Week 06: From Data to Report
Vibe research vs building an economics-quality report with CLI tools
Week 06: From Data to Report
Vibe research vs building an economics-quality report with CLI tools
Overview
This week ties together everything from weeks 4-5: you’ll use Claude Code to download real data, explore it, and produce a polished PDF report – all from the terminal. The twist: we start by letting AI loose (“vibe report”) and then compare that to a carefully directed, economics-quality report. The contrast is the lesson.
We use the US Earnings (CPS MORG) case study – real Current Population Survey data on wages, education, occupation, and demographics. Read more on CPS here.
Learning Outcomes
By the end of the session, students will:
- Download and prepare a real dataset from an online repository using CLI tools
- Experience the difference between undirected (“vibe”) and directed AI output
- Iteratively refine graphs from basic to publication-quality
- Produce a constrained, economics-style PDF report with exhibits and regressions
Preparation / Before Class
Prerequisites
Required:
- Working Claude Code installation from Week 04
- Python environment with
pandas,matplotlib,seaborn,statsmodelsinstalled - Familiarity with running Claude Code in a project folder (Week 05)
Review:
- US Earnings case study – browse the data description and key variables
- Installing CLI Tools – if you need to catch up
Useful background:
- The earnings data comes from the case study on gender and age differences in earnings
Class Material
Part 1: Get the Data (15 min)
The goal: Use Claude Code to download the full CPS MORG dataset from OSF, understand its structure, and prepare it for analysis. This showcases real CLI data work – no browser, no manual downloads.
Step 1: Download from OSF
Open Claude Code in your project folder and try:
Download the CPS MORG 2014 earnings data from OSF.

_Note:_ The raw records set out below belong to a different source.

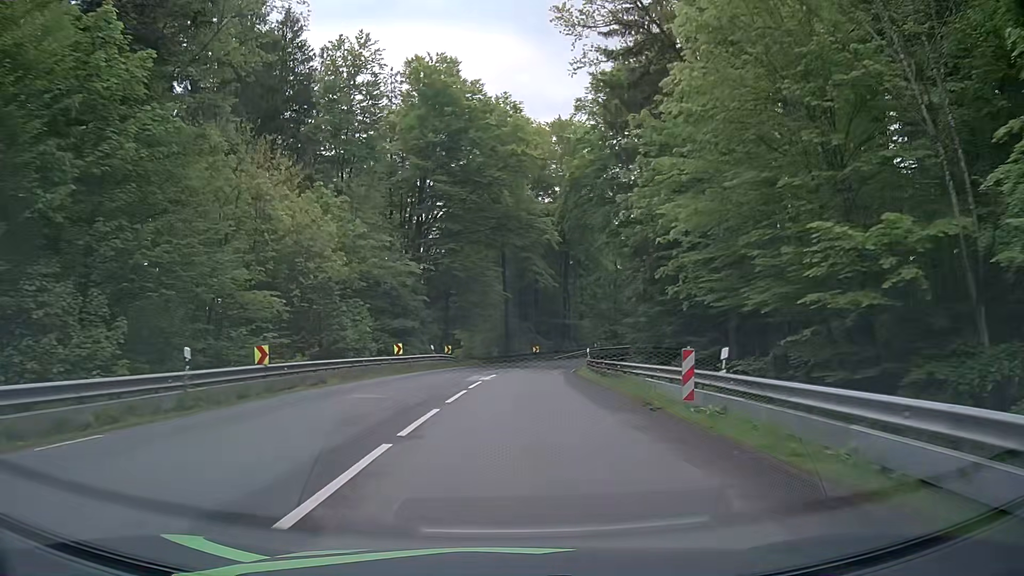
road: secondary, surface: asphalt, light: Day
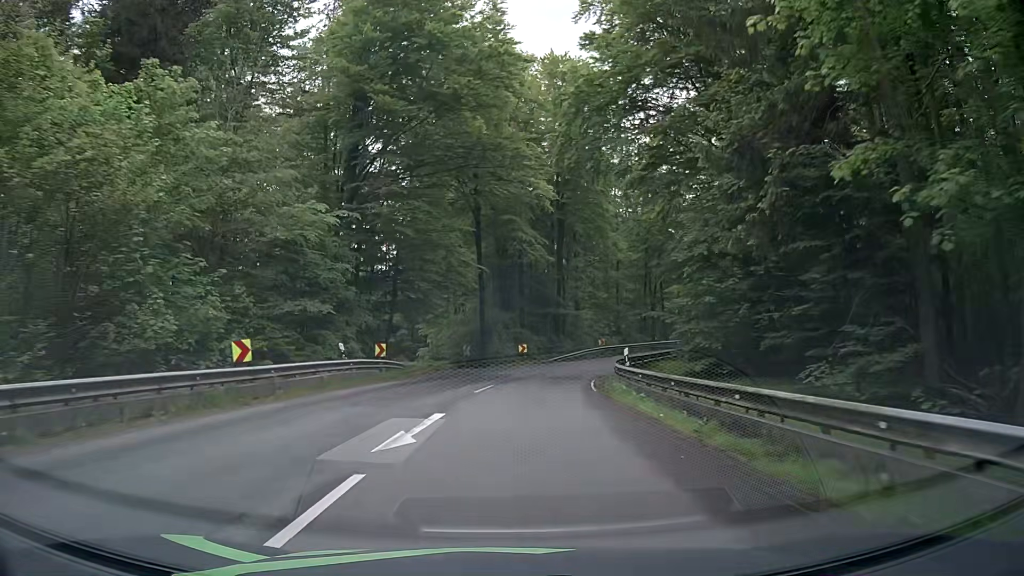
(+0.3, +18.2) m; +2°
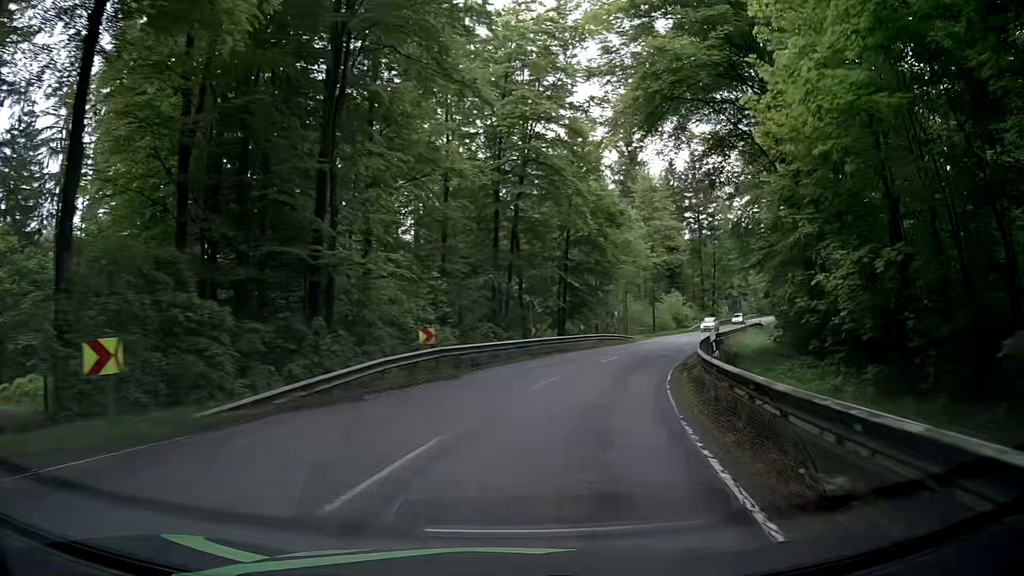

The dataset page is at https://osf.io/g8p9j/files/4ay9x
Also get the codebook PDF from https://osf.io/uqe8z as well as occupation codes from https://osf.io/g8p9j/files/57n9q
Save all to a data/ folder.
Claude Code will use curl or wget to fetch the files directly. Watch how it handles the download, checks file sizes, and confirms the data arrived.
Step 2: First look
Read in the CSV. How many rows and columns?
Show me the first few rows and basic summary stats.
The full MORG file is large. Let’s focus on one.
Create a frequency table of states. Drop small ones. Make it pretty.
Pick a state and add to script:
Filter to the state [your choice]. Print the state code.
Save as morg-2014-emp-state5.csv.
Check the state code in pdf.
Step 3: Variable dictionary
This one (bit sleazy) promp, can try something better
This is my data and the codebook. Create a variable dictionary. Use the pdf i shared earlier. Output as markdown. For each variable: varname, labels, type, coverage (% missing), mean and mode. Round up numbers. Look at cps and provide short labels. Get me an .md I can download.
Could you refine the prompt to make output better, more structured, or simpler?
Part 2: The Vibe Report (20 min)
The experiment: Give AI a vague, open-ended prompt and see what happens.
Create a nice looking report on an interesting question
using the content of the data folder only.
Let Claude Code run. It will likely produce a long, generic report with many graphs, broad research questions, and decorative formatting.
Code to pdf
Make sure a pdf is created. It may install bits – here is a guide to create pdf docs directly with AI.
Class discussion: Evaluate the vibe report?
Look at what was produced and score (1/10, where 10 is best in class, paper or blogpost) and discuss:
- Length – does everything useful and relevant?
- Is the research question well defined?
- Graphs and tables: good, informative, well labeled?
- Economics rigor: did it create exhibits that are informative and useful? Does it use the appropriate tools (descriptive table, regression, etc)
- Descriptions: Is the text describes the exhibits and results well? Does it interpret them correctly? Does it make the right conclusions?
Overall, what do you think about the choices it made?
code
Check the code. How did it mix analytics and text?
Part 3: Some focused Exercises (30 min)
Now let’s do it properly. Go back and build up the analysis step by step, iterating on some exhibits.
Task 1: Heatmap
Show a heatmap of hourly wages by occupation and education level. Use viridis.
Iterate to make it good (if needed)
Task 2: Adding analysis: Now add regression analysis to support the graphs.
Run an OLS regression of hourly wages on gender, controlling for
age, education (grade92), and occupation (occ2012).
Report the results in a clean table.
Iterate on the specification:
Add age squared. Report robust standard errors.
Interpret the gender coefficient -- what does it mean in dollar terms?
Prompting Tips for Data Analysis
What We Learned About Prompting
This week demonstrates several prompting principles in action:
Be specific about your tools and preferences
- “Using Python with pandas and matplotlib…”
- “Use viridis color scheme” – state your preferences explicitly
- “Save as PDF” – specify output format
Include data structure information
- Upload the data or describe it: “DataFrame with columns: age, sex, earnwke, grade92, occ2012”
- Point to the codebook: “Use the PDF codebook I shared”
- Specify the unit: “hourly wages, computed as earnwke / uhours”
Think constraints on output
- “3-5 exhibits, no more”
- “600-800 words”
- “Professional formatting with numbered exhibits”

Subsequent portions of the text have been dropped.